Supplied material ->
▶
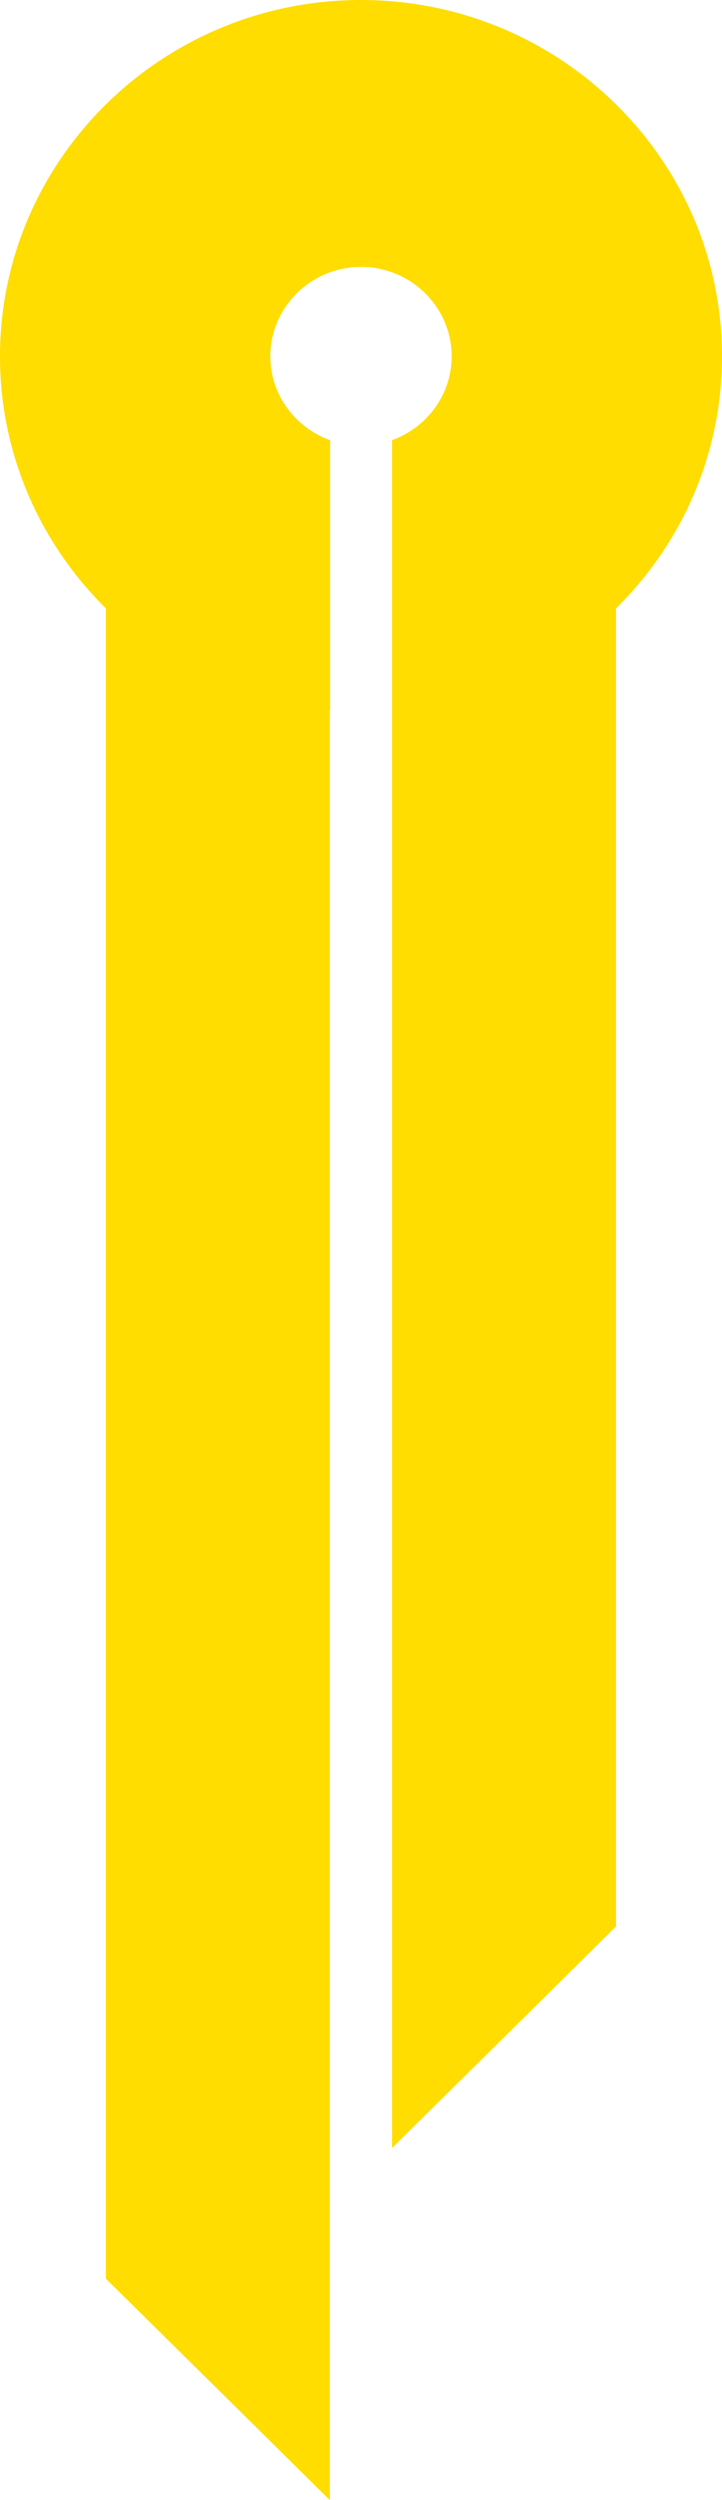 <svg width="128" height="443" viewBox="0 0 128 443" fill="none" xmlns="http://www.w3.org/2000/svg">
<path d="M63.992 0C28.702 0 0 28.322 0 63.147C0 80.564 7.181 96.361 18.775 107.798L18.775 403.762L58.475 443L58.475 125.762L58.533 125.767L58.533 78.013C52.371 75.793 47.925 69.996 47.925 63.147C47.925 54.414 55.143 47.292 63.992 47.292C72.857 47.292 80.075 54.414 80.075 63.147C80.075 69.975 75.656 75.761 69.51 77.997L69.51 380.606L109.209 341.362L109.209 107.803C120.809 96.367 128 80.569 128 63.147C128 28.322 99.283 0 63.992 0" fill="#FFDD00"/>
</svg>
◀
▶
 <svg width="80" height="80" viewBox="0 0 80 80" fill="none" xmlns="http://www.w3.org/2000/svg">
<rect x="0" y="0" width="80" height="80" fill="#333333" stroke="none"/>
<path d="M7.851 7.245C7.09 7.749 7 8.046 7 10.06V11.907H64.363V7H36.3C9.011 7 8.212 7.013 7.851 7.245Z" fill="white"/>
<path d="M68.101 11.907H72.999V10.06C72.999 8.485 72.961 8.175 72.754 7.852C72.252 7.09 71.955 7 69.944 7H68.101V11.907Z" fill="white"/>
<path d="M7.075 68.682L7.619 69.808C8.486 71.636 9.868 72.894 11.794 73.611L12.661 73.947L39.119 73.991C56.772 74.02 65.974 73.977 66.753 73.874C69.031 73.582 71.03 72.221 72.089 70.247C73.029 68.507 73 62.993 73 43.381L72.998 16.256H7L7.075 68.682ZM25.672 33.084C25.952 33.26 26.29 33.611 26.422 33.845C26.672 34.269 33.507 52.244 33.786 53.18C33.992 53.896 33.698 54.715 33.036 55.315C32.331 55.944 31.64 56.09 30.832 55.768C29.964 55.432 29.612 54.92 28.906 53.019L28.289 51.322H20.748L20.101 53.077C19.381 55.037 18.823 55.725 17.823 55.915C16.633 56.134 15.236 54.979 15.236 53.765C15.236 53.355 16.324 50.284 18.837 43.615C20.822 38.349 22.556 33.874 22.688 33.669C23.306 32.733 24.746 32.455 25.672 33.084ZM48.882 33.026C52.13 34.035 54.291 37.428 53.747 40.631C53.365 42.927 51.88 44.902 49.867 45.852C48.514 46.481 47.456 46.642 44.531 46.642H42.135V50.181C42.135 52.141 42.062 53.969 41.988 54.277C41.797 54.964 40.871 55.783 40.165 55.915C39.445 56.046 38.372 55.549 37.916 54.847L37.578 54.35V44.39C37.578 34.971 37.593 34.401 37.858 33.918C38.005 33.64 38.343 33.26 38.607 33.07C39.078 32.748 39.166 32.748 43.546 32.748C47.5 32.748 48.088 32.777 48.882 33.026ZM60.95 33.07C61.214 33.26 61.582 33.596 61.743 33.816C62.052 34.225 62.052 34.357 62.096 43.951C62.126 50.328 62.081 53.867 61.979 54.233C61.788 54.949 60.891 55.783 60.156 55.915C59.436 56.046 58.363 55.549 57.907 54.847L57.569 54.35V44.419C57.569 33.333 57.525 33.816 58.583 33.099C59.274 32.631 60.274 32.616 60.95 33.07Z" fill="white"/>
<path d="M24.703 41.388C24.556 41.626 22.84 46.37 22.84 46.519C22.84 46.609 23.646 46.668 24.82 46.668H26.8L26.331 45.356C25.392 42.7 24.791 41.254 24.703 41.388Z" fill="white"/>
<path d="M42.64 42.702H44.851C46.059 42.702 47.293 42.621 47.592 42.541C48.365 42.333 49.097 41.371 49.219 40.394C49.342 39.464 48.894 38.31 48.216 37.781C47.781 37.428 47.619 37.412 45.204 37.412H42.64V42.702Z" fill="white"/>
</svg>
◀
What is needed is an exact copy of the lines above, from the one containing "7.245C7.09 7.749 7" through the one containing "11.907H72.999V10.06C72.999 8.485 72.961", with nothing added.

<path d="M7.851 7.245C7.09 7.749 7 8.046 7 10.06V11.907H64.363V7H36.3C9.011 7 8.212 7.013 7.851 7.245Z" fill="white"/>
<path d="M68.101 11.907H72.999V10.06C72.999 8.485 72.961 8.175 72.754 7.852C72.252 7.09 71.955 7 69.944 7H68.101V11.907Z" fill="white"/>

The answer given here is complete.